Starring: Sirpa Lane, Melissa Chimenti, Maurice Pauli
Synopsis:
On a beautiful Caribbean island, a team of geologists who are planning to build a new nuclear reactor, are mysteriously disappearing one by one. Vincent (Pauli), who has recently arrived to investigate, runs into his friend and some-time sex partner, Sara (Lane), an investigative journalist who happens to be on vacation. Together they meet Melissa (Chimenti), a sultry native who promises to show them the more esoteric aspects of her people’s culture...
Review:Joe D’amato’s notoriety sits him right up (or is it down) there with Jess Franco when it comes to Euro-Sleaze. Both directors have more-than-dabbled with hardcore porn productions, often making two edits of the same film. D’Amato is also responsible for one of the most reviled horror movies of the “Video Nasties” days, Anthropophagous Beast, starring George Eastman (Bronx Warriors).
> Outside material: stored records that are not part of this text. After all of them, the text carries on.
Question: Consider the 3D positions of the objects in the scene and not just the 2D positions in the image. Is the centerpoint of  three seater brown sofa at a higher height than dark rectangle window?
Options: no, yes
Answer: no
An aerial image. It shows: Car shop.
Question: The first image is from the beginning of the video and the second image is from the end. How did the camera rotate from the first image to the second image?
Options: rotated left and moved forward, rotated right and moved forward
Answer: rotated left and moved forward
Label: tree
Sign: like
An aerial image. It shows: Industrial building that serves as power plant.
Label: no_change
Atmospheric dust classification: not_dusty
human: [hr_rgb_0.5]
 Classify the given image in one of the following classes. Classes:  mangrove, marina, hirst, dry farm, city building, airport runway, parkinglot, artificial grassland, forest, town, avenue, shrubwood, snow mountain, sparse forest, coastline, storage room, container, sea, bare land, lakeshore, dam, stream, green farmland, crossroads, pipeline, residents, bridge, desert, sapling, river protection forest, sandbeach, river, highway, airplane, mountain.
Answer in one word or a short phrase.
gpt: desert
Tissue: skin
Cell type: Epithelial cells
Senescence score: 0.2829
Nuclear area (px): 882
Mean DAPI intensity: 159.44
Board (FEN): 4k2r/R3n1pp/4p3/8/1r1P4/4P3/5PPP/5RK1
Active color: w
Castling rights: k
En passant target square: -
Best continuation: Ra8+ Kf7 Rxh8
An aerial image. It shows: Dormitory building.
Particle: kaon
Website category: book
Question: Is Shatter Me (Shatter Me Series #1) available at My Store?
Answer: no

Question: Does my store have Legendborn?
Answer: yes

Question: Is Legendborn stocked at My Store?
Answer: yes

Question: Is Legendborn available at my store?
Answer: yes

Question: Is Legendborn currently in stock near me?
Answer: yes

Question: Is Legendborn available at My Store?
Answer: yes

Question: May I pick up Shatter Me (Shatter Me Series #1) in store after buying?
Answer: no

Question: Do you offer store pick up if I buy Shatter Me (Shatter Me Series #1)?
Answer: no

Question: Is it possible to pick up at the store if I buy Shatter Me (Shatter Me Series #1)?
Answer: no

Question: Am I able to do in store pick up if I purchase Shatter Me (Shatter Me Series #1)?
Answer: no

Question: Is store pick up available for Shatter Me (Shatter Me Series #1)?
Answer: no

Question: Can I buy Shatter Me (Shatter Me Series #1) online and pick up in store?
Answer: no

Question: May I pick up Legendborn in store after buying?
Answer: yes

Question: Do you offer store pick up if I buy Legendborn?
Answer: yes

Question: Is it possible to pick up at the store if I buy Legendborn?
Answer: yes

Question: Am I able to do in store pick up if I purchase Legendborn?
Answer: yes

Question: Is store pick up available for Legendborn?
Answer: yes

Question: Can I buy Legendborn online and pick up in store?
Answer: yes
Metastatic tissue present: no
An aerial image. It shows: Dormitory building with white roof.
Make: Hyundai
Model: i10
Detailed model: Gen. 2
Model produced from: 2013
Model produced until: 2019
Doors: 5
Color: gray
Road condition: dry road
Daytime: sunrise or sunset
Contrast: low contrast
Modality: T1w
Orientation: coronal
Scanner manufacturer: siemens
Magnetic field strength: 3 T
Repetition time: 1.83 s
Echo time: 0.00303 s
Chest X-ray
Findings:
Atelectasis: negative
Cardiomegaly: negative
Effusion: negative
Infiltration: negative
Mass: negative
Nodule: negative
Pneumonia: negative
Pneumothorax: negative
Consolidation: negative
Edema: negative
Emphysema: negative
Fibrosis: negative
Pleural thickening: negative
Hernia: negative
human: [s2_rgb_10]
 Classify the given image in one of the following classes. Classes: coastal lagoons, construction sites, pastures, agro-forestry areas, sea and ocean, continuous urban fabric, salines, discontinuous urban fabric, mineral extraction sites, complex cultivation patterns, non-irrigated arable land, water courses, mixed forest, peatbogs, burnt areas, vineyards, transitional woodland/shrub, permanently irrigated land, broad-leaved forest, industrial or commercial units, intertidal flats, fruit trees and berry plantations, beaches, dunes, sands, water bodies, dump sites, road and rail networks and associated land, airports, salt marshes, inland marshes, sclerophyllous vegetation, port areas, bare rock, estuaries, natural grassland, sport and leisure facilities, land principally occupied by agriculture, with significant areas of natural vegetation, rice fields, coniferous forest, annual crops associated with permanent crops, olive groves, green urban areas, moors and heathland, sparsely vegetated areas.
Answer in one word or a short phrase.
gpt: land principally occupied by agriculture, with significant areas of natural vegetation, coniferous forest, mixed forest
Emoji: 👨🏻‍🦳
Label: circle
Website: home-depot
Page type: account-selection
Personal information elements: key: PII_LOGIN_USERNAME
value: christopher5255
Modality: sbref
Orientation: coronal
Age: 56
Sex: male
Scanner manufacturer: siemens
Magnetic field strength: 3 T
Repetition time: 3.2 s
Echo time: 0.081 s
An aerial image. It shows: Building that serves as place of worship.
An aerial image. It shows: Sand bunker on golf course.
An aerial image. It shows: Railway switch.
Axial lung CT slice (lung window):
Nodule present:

It’s no surprise then that Love Goddess of the Cannibals (aka Caribbean Papaya) starts with a woman (Melissa) engaging in some fun and games with a naked bearded man in a straw beach hut. However, Just when you’ve been lulled into a false sense of mild titillation, the girl literally bites off more than she can chew, and leaves the hut, her “lover” screaming in agony. Then, two natives burn the hut to the ground...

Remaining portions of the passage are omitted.